The working and maintenance of the Etheridge railway was taken over by the government from 5 February 1911. From the beginning, cattle were transported from the various stations and sidings along the line, but this traffic increased in importance with the decline of mining. Apart from the main stations on the line there were a number of sidings, the majority situated between Almaden and Mount Surprise. Little survives at these sidings today, other than siding tracks, concrete slabs, some signals and points' equipment, loading banks and cattle yard remnants.

Around 1917 a lime burning business started at Ootann, 13 km south of Almaden, using old kilns used during the construction of the railway, and a siding was installed about 1918. Ootann was the limit of steam operation from 1927 to 1951. It had a shelter shed by 1935, and an overhead gantry for loading lime. The present main line was originally the siding, as the main line was moved to install the gantry. Gelaro at 30 km had a crossing loop, levers and a shelter shed by 1969. Bullock Creek at 52 km had a siding and railway phone by 1916, and was the site of a permanent fettler's (rail line maintenance worker's) camp by 1932. There was a side loading bank and shelter by 1935, and private cattle yards by 1951. A 30000 impgal water tank was present, although this no longer exists. The loading of cattle at Bullock Creek ceased in late 1991.

In 1908 Lyndbrook at 69 km had a goods shed, engine shed, station house and forkline. It was named Lyndbrook in December 1909, and by 1935 it consisted of a siding, telephone, fork, side loading bank, shelter, and goods shed (the latter was removed that year). Private cattle yards existed by 1954, but no cattle have been loaded since January 1993. Fossilbrook Creek at 77 km consisted of a telephone in 1950. Nearby Fossilbrook was a busy tin-mining town in 1905, with two hotels, but nothing remains of the town. Frewhurst at 88 km had a sawmill about 1908, and was named in 1909. By 1916 it had a gate, siding, telephone and loading bank. It had a shelter by 1935, and a private cattle yard by 1951, which was enlarged in the mid 1970s. Livestock has not been handled from Frewhurst since late 1991.

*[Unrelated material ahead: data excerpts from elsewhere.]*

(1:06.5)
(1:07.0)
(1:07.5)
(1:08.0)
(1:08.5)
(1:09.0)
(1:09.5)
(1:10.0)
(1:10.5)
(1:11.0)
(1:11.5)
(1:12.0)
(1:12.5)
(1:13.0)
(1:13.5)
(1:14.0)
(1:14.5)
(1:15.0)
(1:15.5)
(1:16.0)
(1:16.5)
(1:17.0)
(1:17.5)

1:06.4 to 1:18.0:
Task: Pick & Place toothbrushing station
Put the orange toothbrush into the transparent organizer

South of Einasleigh, there was a siding at 178.6 km at Teasdale (Teesdale) adjacent to the Teasdale Mine. There was a hotel here in 1909, but nothing remains of this siding today, or of a sawmill siding 198 km. A siding at Reedy Springs at 208.5 km was renamed Wirra Wirra in December 1910. In 1916 it consisted of a gate, siding, telephone, and fork. By 1935 it also had a side loading bank and a shelter. A new stock yard was built in 1960.

The railway extension did not make a great deal of difference to the financial stability of the Chillagoe Company. The high cost of fuel for the smelters, a lack of ore, increasing wages, low metal prices and over-capitalisation on railways and smelters all contributed to the closure of the Chillagoe smelters. The Company asked for a government loan in February 1914 and when this was refused the company shut down its smelting and ore-buying operations. Ironically, the price of metal rose during the course of World War I, while the smelters were idle.

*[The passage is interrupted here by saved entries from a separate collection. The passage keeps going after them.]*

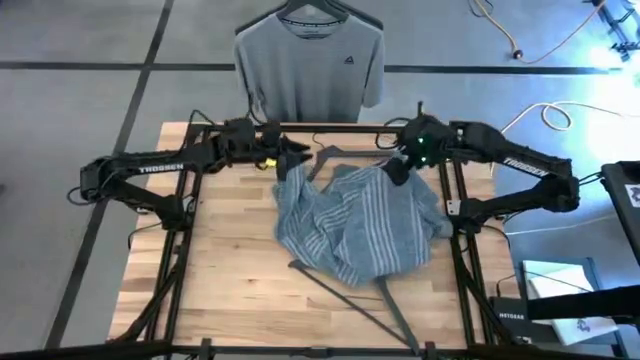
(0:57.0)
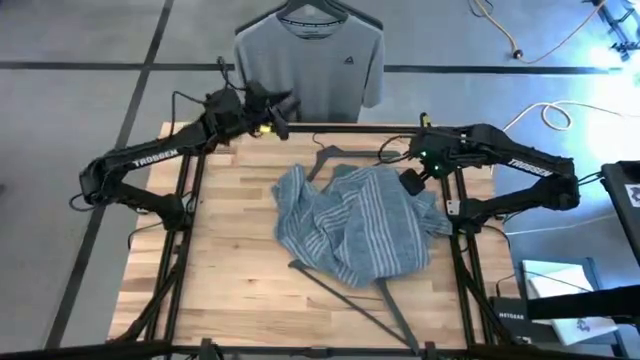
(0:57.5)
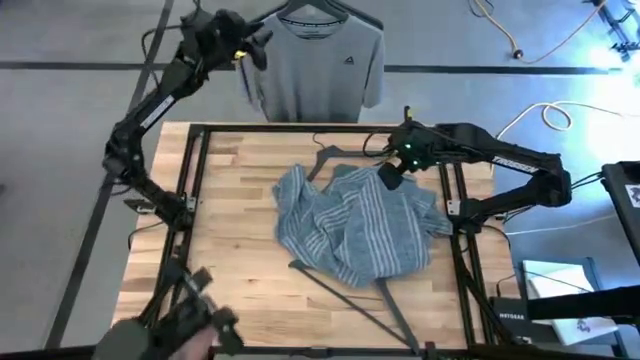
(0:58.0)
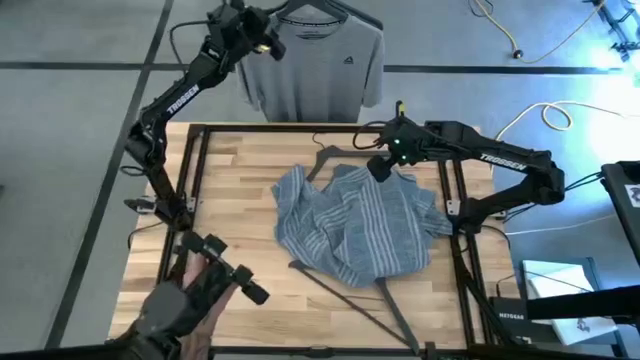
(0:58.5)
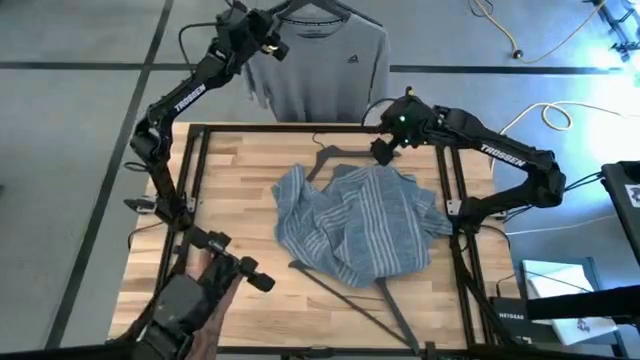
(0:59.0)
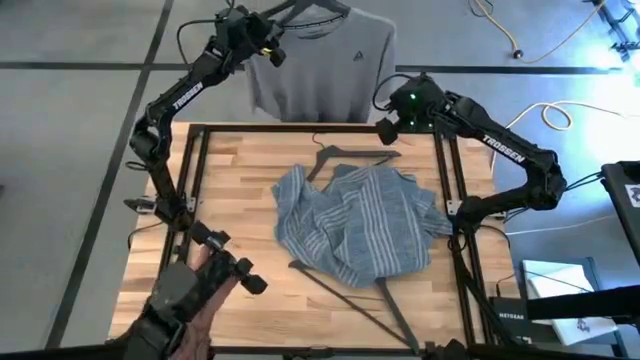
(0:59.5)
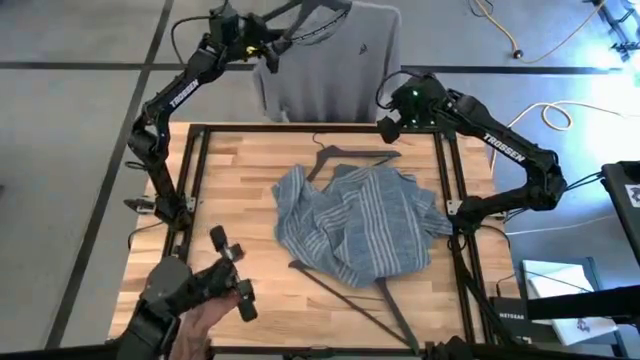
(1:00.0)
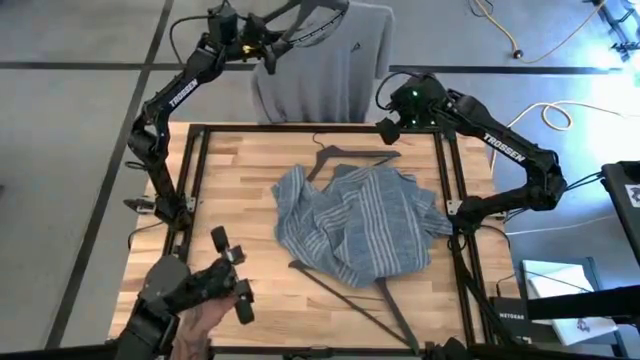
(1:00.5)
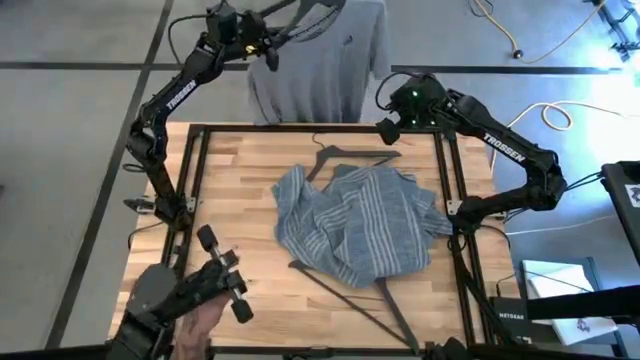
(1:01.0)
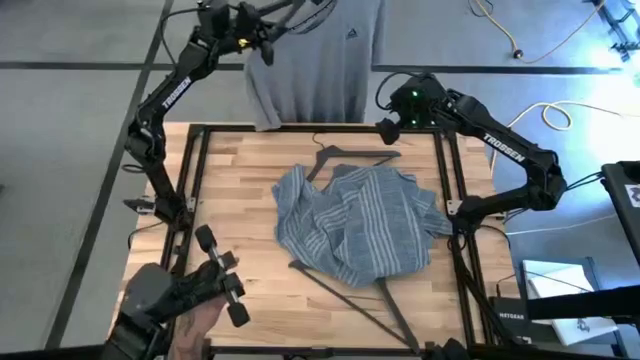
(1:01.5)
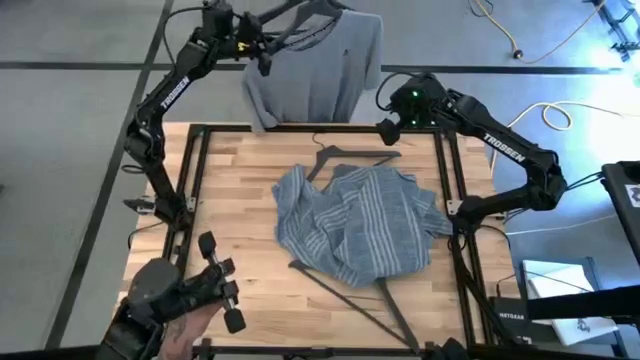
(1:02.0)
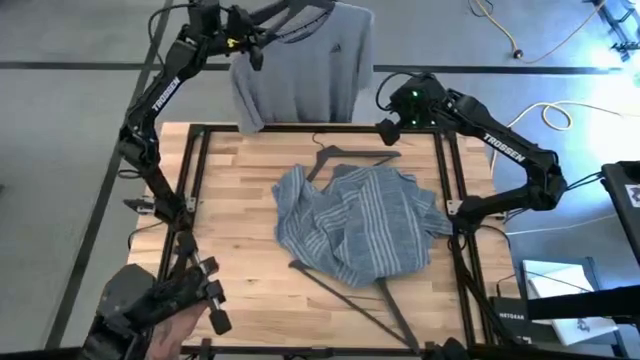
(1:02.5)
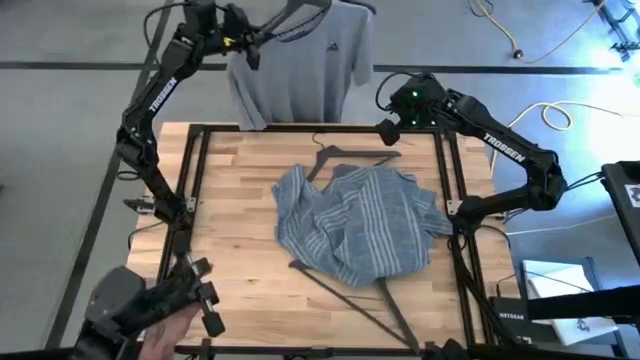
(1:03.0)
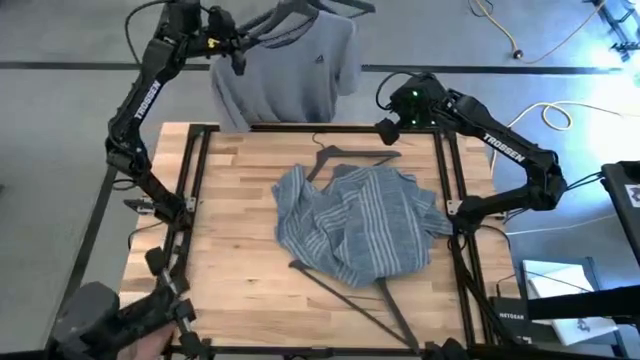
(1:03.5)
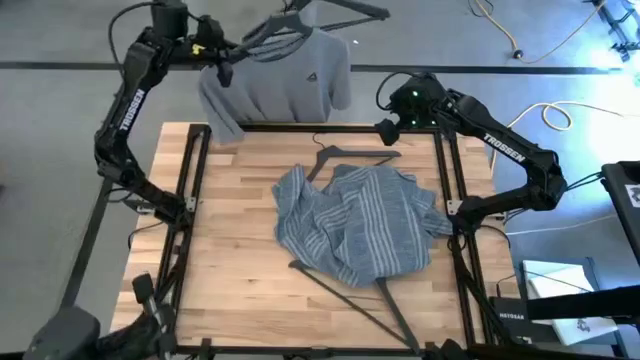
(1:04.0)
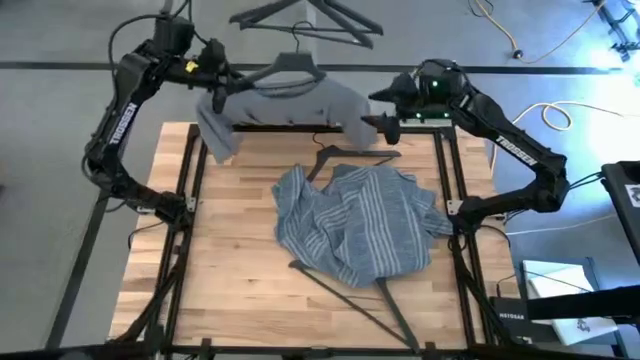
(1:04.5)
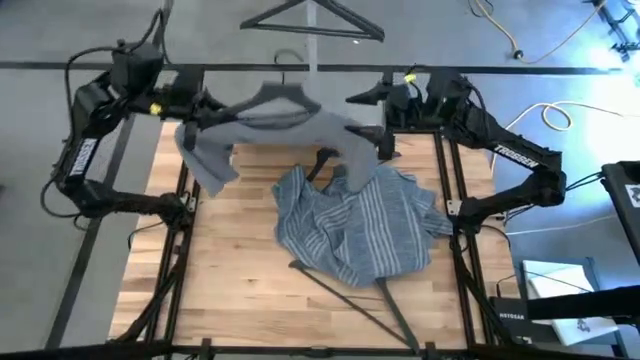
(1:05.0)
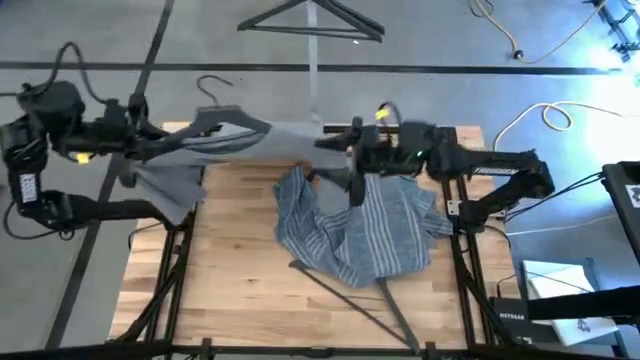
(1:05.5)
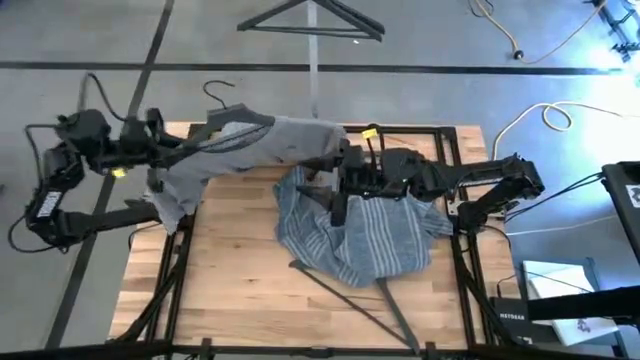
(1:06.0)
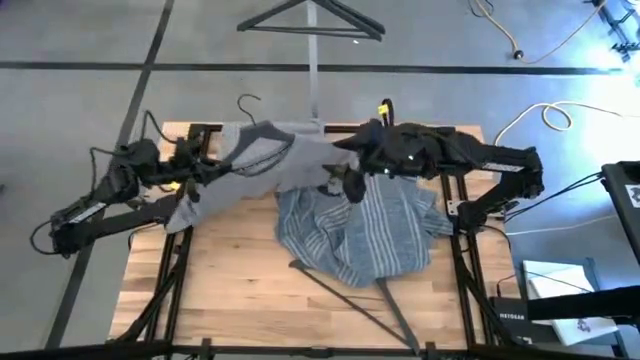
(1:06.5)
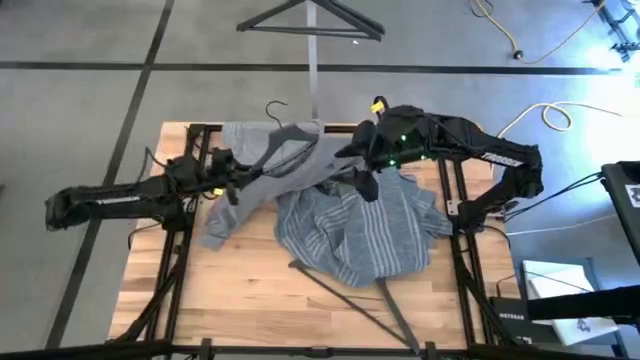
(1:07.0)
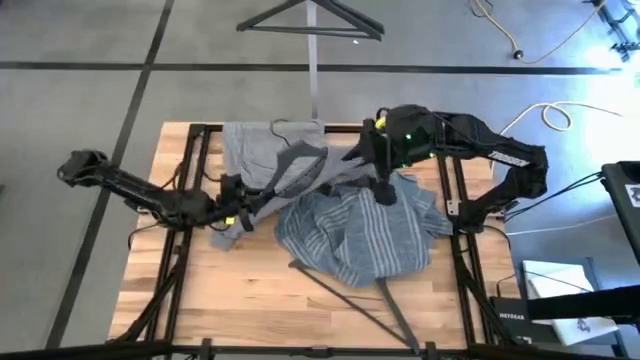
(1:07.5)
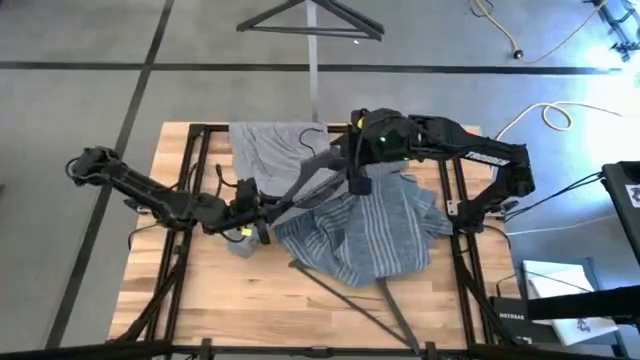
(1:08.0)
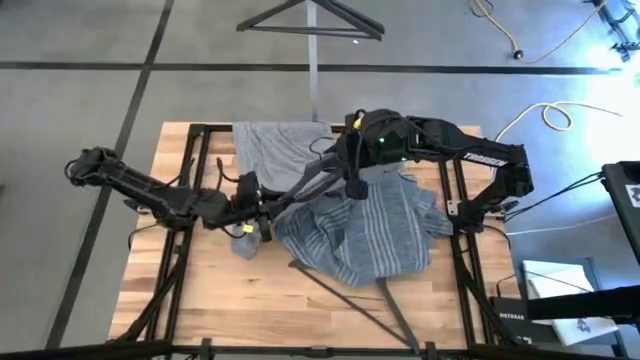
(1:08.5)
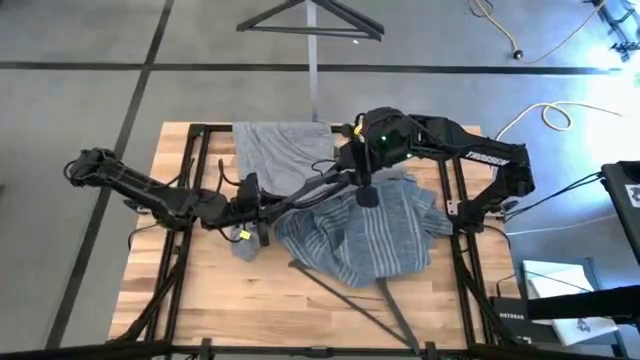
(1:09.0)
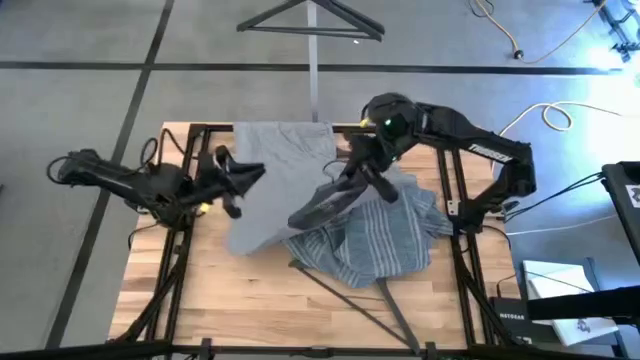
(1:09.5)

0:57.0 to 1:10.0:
Task: Unhang clothes
Unhang the shirt

Protracted negotiations between the government and the Chillagoe Company led to the passing of The Chillagoe and Etheridge Railways Act 1918 and the resumption of the company assets, including the Etheridge Railway, on 20 June 1919. The Almaden to Forsayth line was purchased for . The Chillagoe smelters were reopened in January 1920, and were operated by the government until 1943.

John Moffat retired in 1912, and died in June 1918. He helped develop North Queensland by bringing both public and private capital into the region, and from 1880 he had built up mining as the key foundation of the region's economy. His railway lines also assisted pastoralists, as railways resulted in cheaper rates for transporting supplies, and cattle could be sent to meatworks in better condition. Although gold mining briefly revived mining traffic on the Etheridge line in the 1930s, it was pastoralism that kept the towns of the Etheridge alive.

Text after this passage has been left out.